JPH06338559A - Forcibly releasing method from electrostatic chuck - Google Patents

Abstract

PURPOSE:To enable a wafer to be released from a mount surface without damage even if the wafer is still large in adhesion to the mount surface by a method wherein a specific pushing member is made to bear against the wafer sooner than the other pushing members. CONSTITUTION:A power supply is turned OFF to dismount a wafer 1 from an electrostatic chuck 2 after the wafer 1 is processed. Then, a moving mechanism is actuated, and all pushing members 3 are made to start ascending.

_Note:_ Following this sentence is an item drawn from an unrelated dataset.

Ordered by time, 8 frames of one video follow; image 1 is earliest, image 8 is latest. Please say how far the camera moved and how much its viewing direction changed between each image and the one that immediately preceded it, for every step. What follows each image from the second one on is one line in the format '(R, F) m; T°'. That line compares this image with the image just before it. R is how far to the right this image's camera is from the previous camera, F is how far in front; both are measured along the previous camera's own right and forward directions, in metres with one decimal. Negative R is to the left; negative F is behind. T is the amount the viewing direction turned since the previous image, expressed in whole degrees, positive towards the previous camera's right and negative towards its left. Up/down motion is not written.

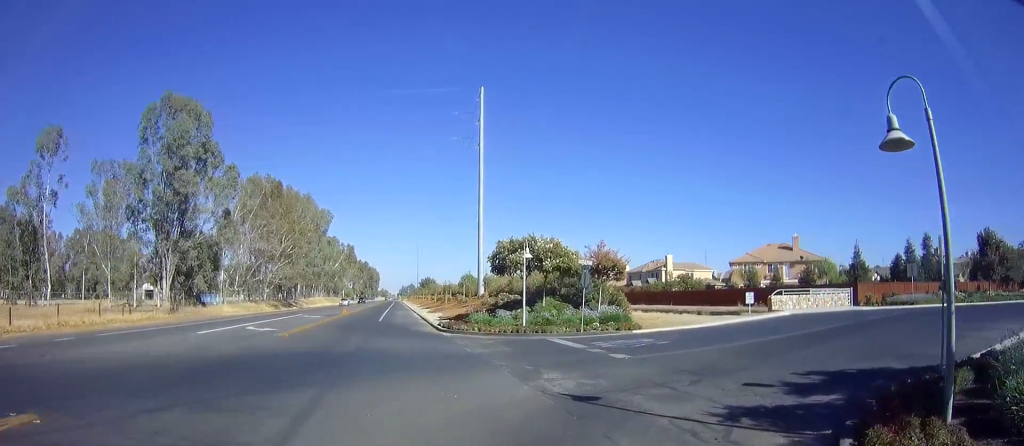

At this point, while the pushing members 3 are on standby, a distance between the specific pushing member 3 and the wafer 1 is set shorter than those between the other pushing members 3 and the wafer 1. Therefore, the specific pushing member 3 bears against the wafer 1 first, so that only a part of the periphery of the wafer which the specific pushing member 3 bears against is pushed up. After a prescribed time elapses, the other pushing members 3 bear against the wafer 1. At this point, a part and the other parts of the periphery of the wafer 1 are successively separated off, and the wafer 1 is lessened in contact area with a mount surface 2a.

Description

Detailed Description of the Invention

[0001]

BACKGROUND OF THE INVENTION 1. Field of the Invention The present invention relates to a method for forcibly releasing an electrostatic chuck in which a wafer attracted to a mounting surface of an electrostatic chuck is pushed up by a push-up member to be separated from the mounting surface.

[0002]

2. Description of the Related Art An electrostatic chuck, which is widely used in the field of semiconductor manufacturing equipment such as an ion implantation apparatus, is a mounting surface on which a wafer to be processed is mounted and a power source for applying a polarity to the mounting surface. After placing the wafer on the placing surface, or before placing the wafer, the power is turned on to polarize the placing surface to generate an attracting force, and It is electrostatically brought into close contact with the mounting surface.
As a result, the entire surface of the wafer is brought into close contact with the mounting surface, so that the wafer can be cooled with high cooling efficiency and, at the same time, displacement of the wafer during processing can be prevented. .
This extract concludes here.